For decades, the Pew Research Center has been measuring whether and how much Americans trust their government to do what is right. No surprise here, but that number has plummeted from 73% in 1958 to 18 percent last year.
No surprise either that for many years now Americans of all political persuasions, race, and gender also have lost faith in our other foundational institutions, from big business, religion, and the media, to law enforcement, sports, and academia – all buffeted by scandal of one sort or another. Lately, people found more hope rooting for a raccoon climbing to the top of a Minnesota skyscraper then in their fellow man.
No doubt about it – we’re in a trust crisis.
And this got me thinking. Perhaps our trust is misplaced, naively put in the hands of people (and institutions) with misguided intentions and self-serving agendas who lack any sense of altruism, public service, or empathy.
So here’s an idea: Maybe we should put more of our trust and faith in the people who really matter – like those who are working to find a cure for cancer and caring for those afflicted with this dreaded disease. I’m thinking specifically of the unsung researchers, scientists, technicians, nurses, doctors, and caregivers who don’t get the glory, but their selfless efforts have a huge impact on those suffering with all types of cancer.
Ok, I know what you might be thinking. The health care establishment has its trust skeletons too. In 1966, almost three in four Americans said they had “great confidence” in the U.S. medical profession. Today, that number stands at 34 percent.
But, I want to go beyond the health care industry and focus specifically on the cancer community.
The people I want to single out spend their days, efforts, tears, and sleepless nights doing remarkable things for other people they don’t even know.
They are brilliant, caring, and they are changing the face of cancer research in America and beyond. They don’t care about expanding profits or increased stock-option packages. They care about comforting the afflicted, helping cancer sufferers die with dignity, and finding a cure. These are the people we should be putting our trust in.
As the founder of the Bonnie J. Addario Lung Cancer Foundation, I have spent a great deal of my life alongside these people.
I know them. I know their kindness. I know their hard-core work ethic.
They are people of integrity and high character who toil in prominent research hospitals, like the Dana-Farber Cancer Institute, the MD Anderson Cancer Center and the UC System, to amazing community hospitals like Baptist Memorial in Memphis, Memorial Hospital in Florida and beyond who are doing pioneering work in the treatment of lung cancer, immunotherapy, and precision medicine.
Some are creating cost-effective “liquid biopsy” blood tests that promises to identify lung cancer more quickly.That will lead to early diagnosis and potentially save lives. Others are developing Big Data solutions – which are critical to winning the war on cancer.
Then there are those leading the Addairo Lung Cancer Foundation’s studies on the Ros1der’s and the EGFR Resistors, two groups of patients with rare forms of lung cancer mutations who, with our funding and research help, initiated their own clincial research.
These are just a handful of hundreds of people I could name. And I’m sure you know of other remarkable individuals in the cancer community who deserve equal billing.
Because of them, cutting-edge treatments are prolonging and, in some cases, saving lives. Research has solved complex problems and provided creative solutions.
This is tangible evidence of the efforts of the dedicated people in our cancer community.
Still, much needs to be done. The CDC predicts that 2025 will see 19.3 million new cases of cancer a year — that’s not the number of people who will have cancer nine years from now: That’s the number of new cases alone.
Unfortunately, lung cancer again is leading the way by a wide margin -- 1.8 million people worldwide will be diagnosed with lung cancer by year’s end.It has become a global health pandemic and holds the dubious distinction of being the number-one cancer killer worldwide.
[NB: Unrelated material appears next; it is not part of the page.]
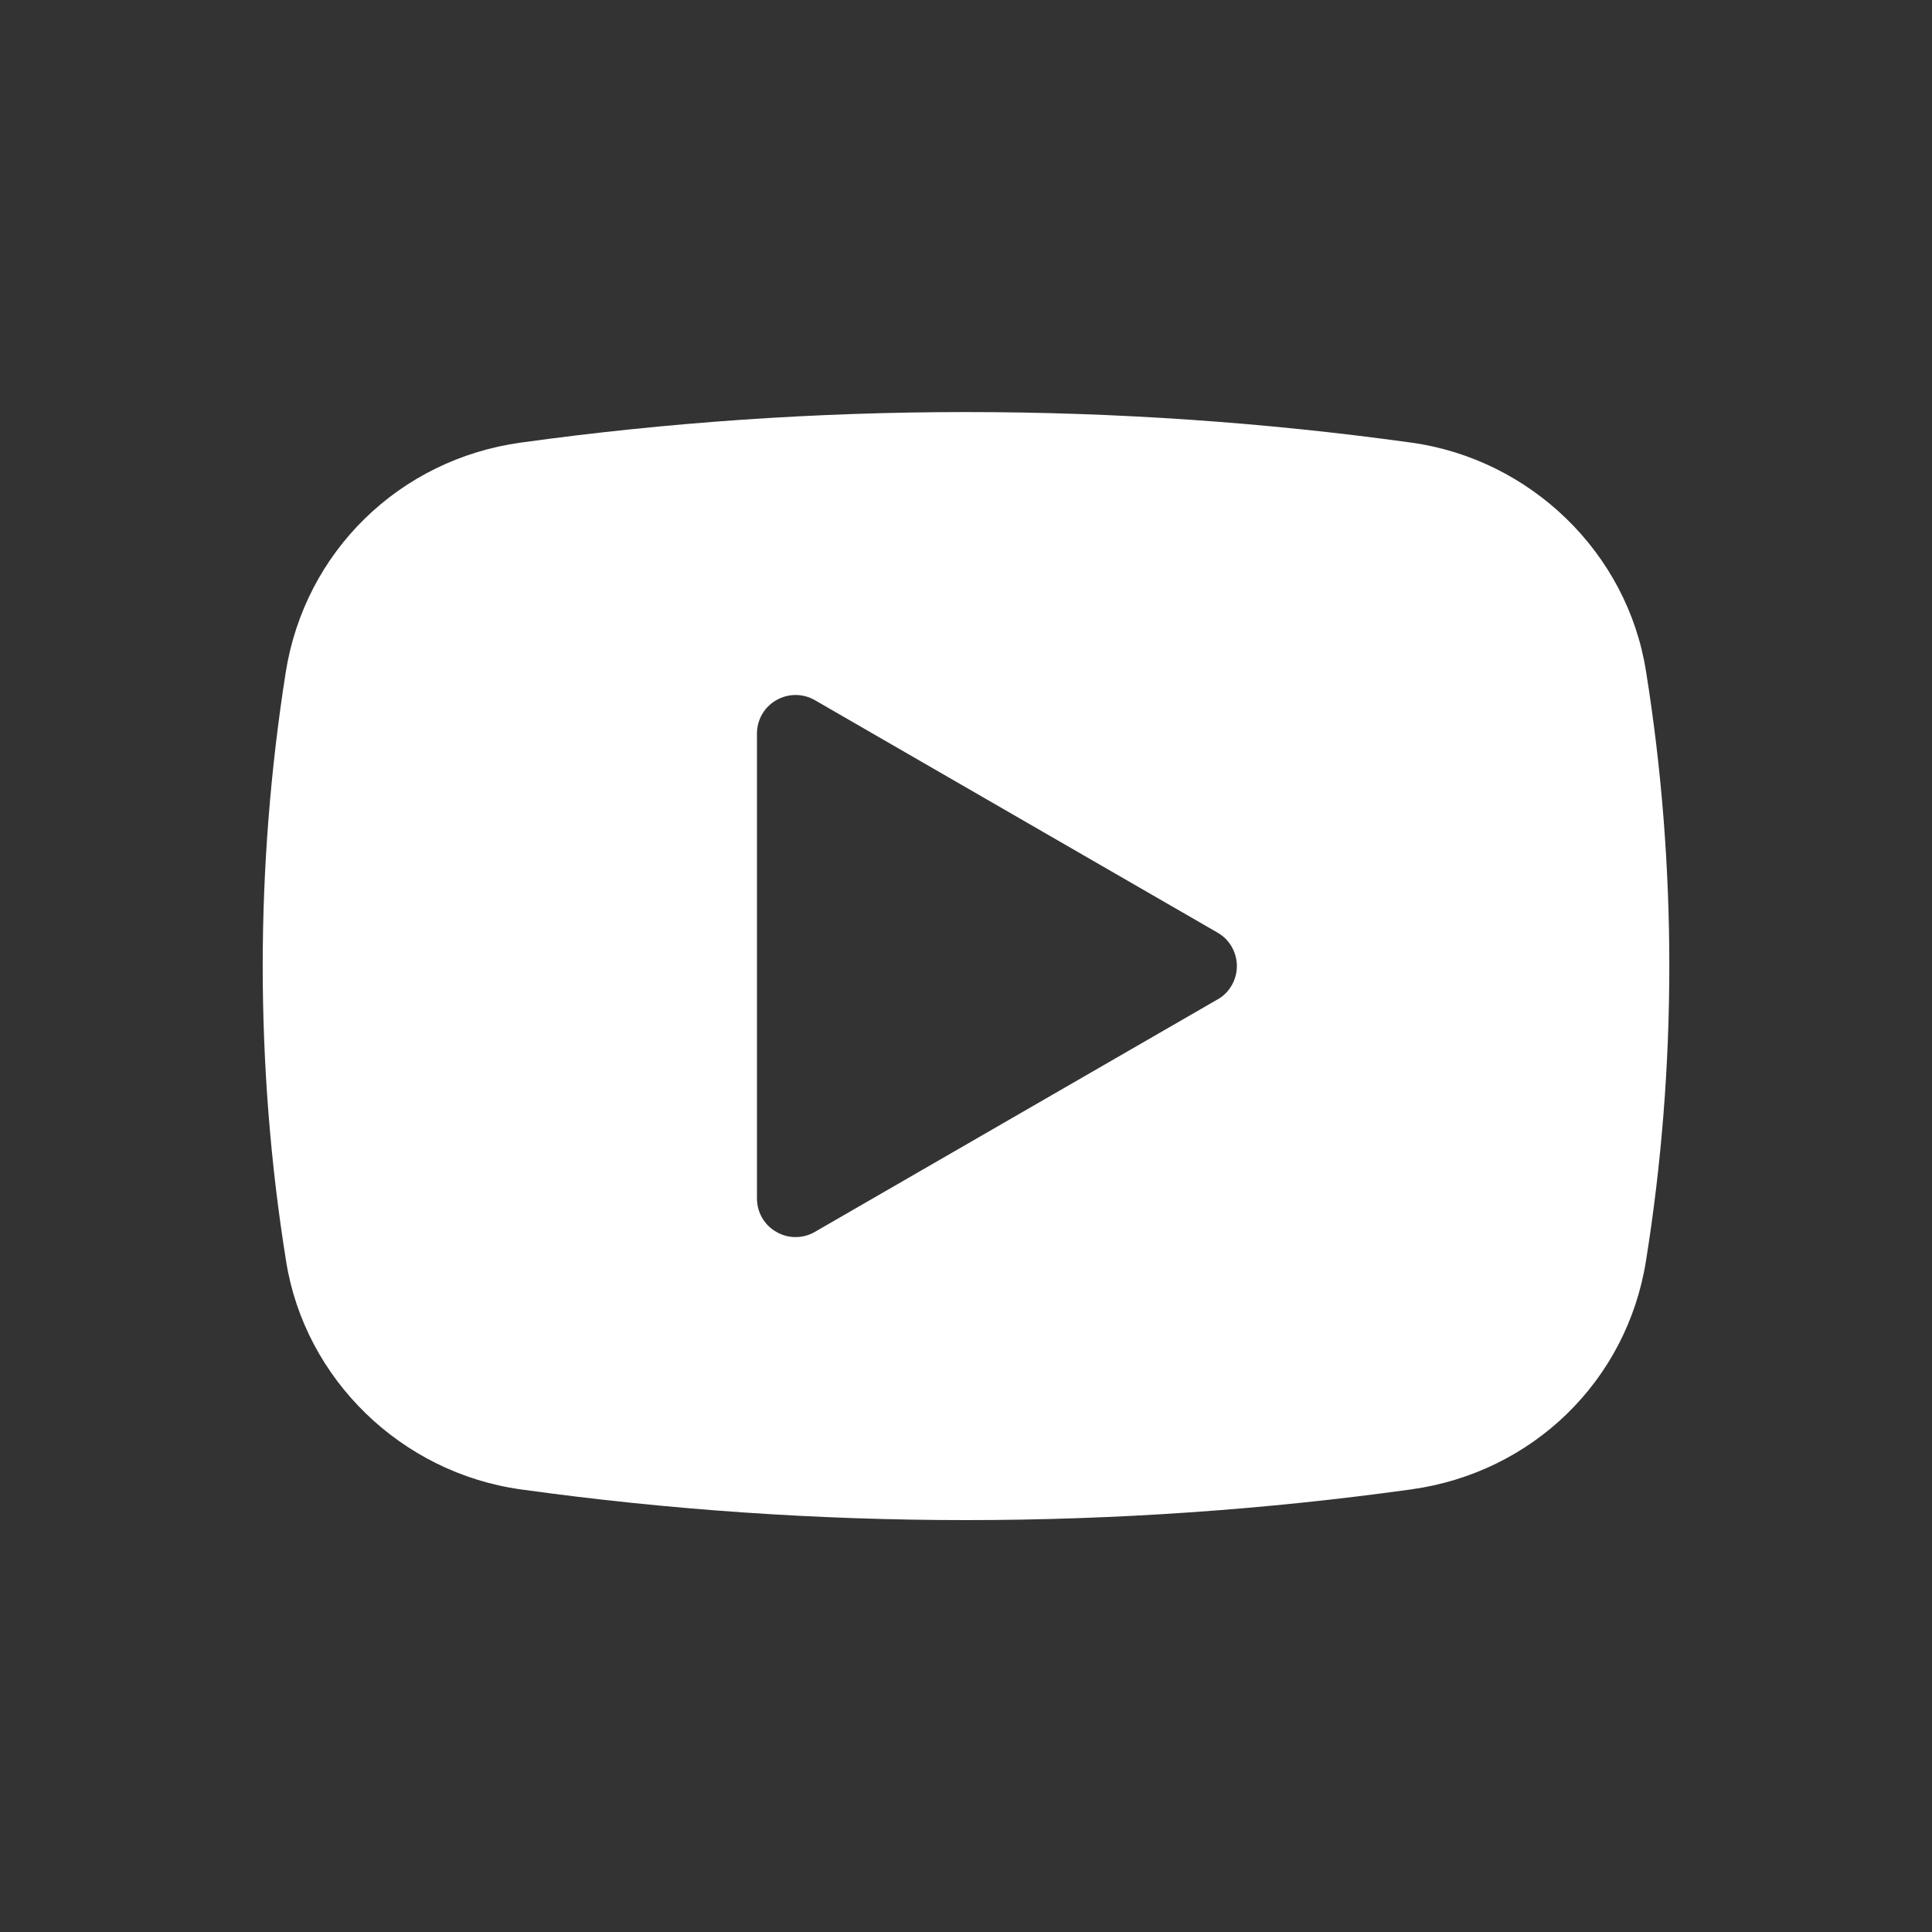 <?xml version="1.0" encoding="UTF-8"?> <svg xmlns="http://www.w3.org/2000/svg" viewBox="0 0 100 100" fill-rule="evenodd"><rect x="0" y="0" width="100" height="100" fill="#333333" stroke="none"/><path d="m73.051 22.91c-15.219-2.109-30.879-2.109-46.102 0-6.281 0.871-11.172 5.648-12.16 11.891-0.789 5.012-1.191 10.129-1.191 15.199s0.398 10.238 1.211 15.281c0.969 6.102 5.961 10.949 12.141 11.809 7.609 1.059 15.371 1.59 23.051 1.59s15.441-0.531 23.051-1.59c6.269-0.871 11.148-5.609 12.141-11.809 0.809-5.039 1.211-10.18 1.211-15.281s-0.398-10.238-1.211-15.281c-0.969-6.102-5.961-10.949-12.141-11.809zm-10.031 28.82-20.84 12.031c-0.309 0.18-0.648 0.27-1 0.27-0.352 0-0.691-0.09-1-0.27-0.621-0.352-1-1.012-1-1.73v-24.059c0-0.719 0.379-1.379 1-1.73 0.621-0.359 1.379-0.359 2 0l20.84 12.031c0.621 0.352 1 1.02 1 1.73 0 0.711-0.379 1.379-1 1.73z" fill="#ffffff"></path></svg>

With such a formidable foe, we need to put our trust in those at the forefront of this fight. That’s not always easy.
Thirteen years ago, my physician sat me down and said I had stage 3B lung cancer and it was going to kill me in a matter of months if I didn’t begin treatment immediately. Other physicians told me to get my personal affairs in order because my life was over.
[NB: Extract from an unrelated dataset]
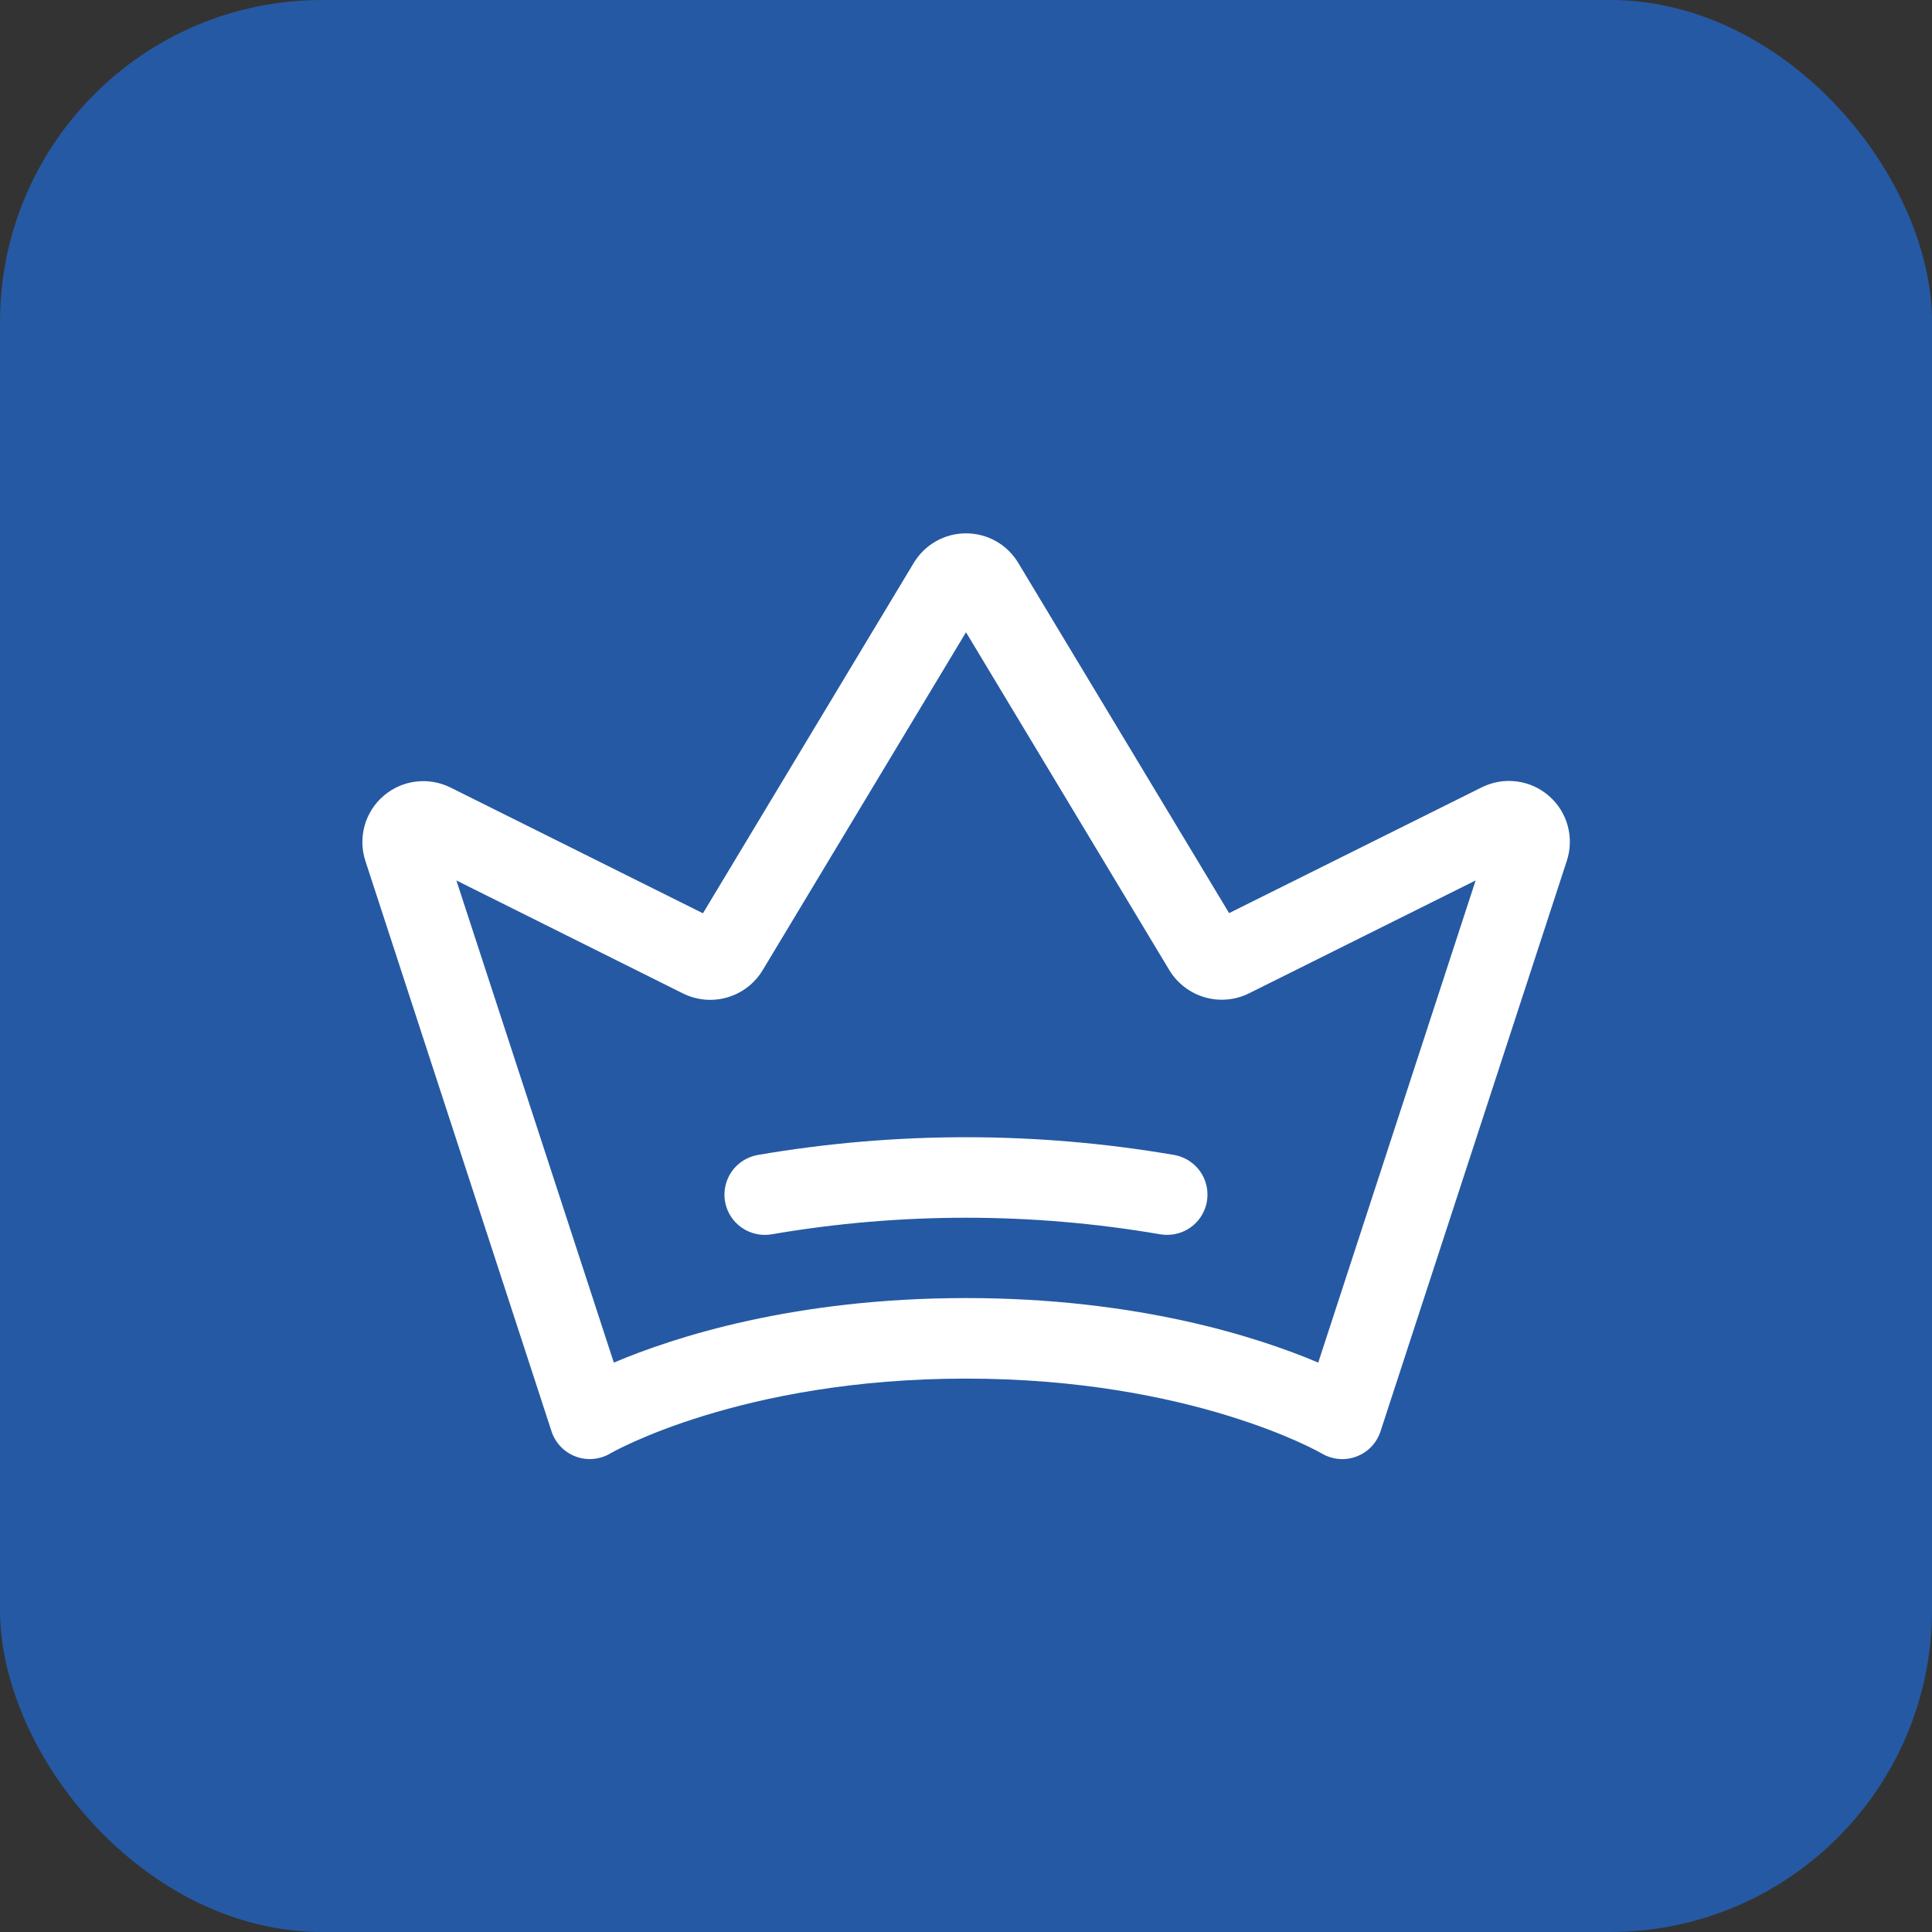<svg xmlns="http://www.w3.org/2000/svg" width="32" height="32" viewBox="0 0 32 32" fill="none"><rect x="0" y="0" width="32" height="32" fill="#333333" stroke="none"/><rect width="32" height="32" rx="5.333" fill="#2559A3"></rect><path d="M25.654 13.182C25.504 13.051 25.318 12.968 25.12 12.943C24.922 12.917 24.721 12.952 24.542 13.041L20.358 15.124L16.864 9.321C16.775 9.173 16.648 9.049 16.497 8.964C16.345 8.878 16.174 8.834 16 8.834C15.826 8.834 15.655 8.878 15.504 8.964C15.353 9.049 15.226 9.173 15.136 9.321L11.643 15.127L7.46 13.043C7.282 12.955 7.082 12.921 6.885 12.946C6.687 12.971 6.502 13.053 6.351 13.184C6.201 13.313 6.092 13.485 6.039 13.676C5.986 13.868 5.99 14.071 6.052 14.26L9.135 23.707C9.166 23.802 9.218 23.889 9.287 23.961C9.356 24.033 9.44 24.089 9.534 24.124C9.627 24.159 9.727 24.173 9.827 24.164C9.926 24.155 10.023 24.125 10.108 24.074C10.129 24.061 12.26 22.834 16 22.834C19.74 22.834 21.871 24.061 21.89 24.073C21.977 24.124 22.073 24.155 22.173 24.165C22.272 24.174 22.373 24.16 22.466 24.125C22.56 24.09 22.645 24.034 22.714 23.962C22.783 23.889 22.835 23.802 22.866 23.707L25.95 14.262C26.013 14.073 26.019 13.87 25.966 13.677C25.914 13.485 25.805 13.313 25.654 13.182ZM21.834 22.569C20.834 22.145 18.84 21.5 16 21.5C13.16 21.5 11.167 22.145 10.167 22.569L7.559 14.583L11.315 16.456C11.543 16.568 11.804 16.591 12.047 16.52C12.29 16.449 12.498 16.29 12.63 16.073L16 10.472L19.37 16.072C19.502 16.288 19.71 16.447 19.953 16.518C20.197 16.589 20.457 16.566 20.685 16.454L24.441 14.583L21.834 22.569ZM19.99 19.903C19.962 20.057 19.882 20.197 19.762 20.297C19.642 20.398 19.49 20.453 19.334 20.453C19.295 20.453 19.256 20.45 19.217 20.444C17.088 20.078 14.911 20.078 12.782 20.444C12.608 20.474 12.428 20.434 12.284 20.333C12.139 20.232 12.04 20.077 12.009 19.903C11.979 19.729 12.018 19.549 12.12 19.404C12.221 19.259 12.376 19.161 12.55 19.13C14.833 18.738 17.166 18.738 19.449 19.13C19.623 19.161 19.777 19.259 19.879 19.403C19.98 19.547 20.02 19.726 19.99 19.9L19.99 19.903Z" fill="white"></path></svg>

But then one doctor told me that an unconventional surgery was my only option, as the tumor on my upper left lobe, my aorta, and subclavian artery was too difficult to biopsy and was crushing my aorta. I put my trust and faith in him and today I’m a survivor.
So, I know something about trusting people. Polling clearly tells us that trust is falling.
But we need to look for the people who are helping on the sidelines – the unsung heroes in the cancer community who need our respect and support.
The ability to put our trust in another human being can not only bring relief to a wearied cancer patient, but it can be a matter of life or death.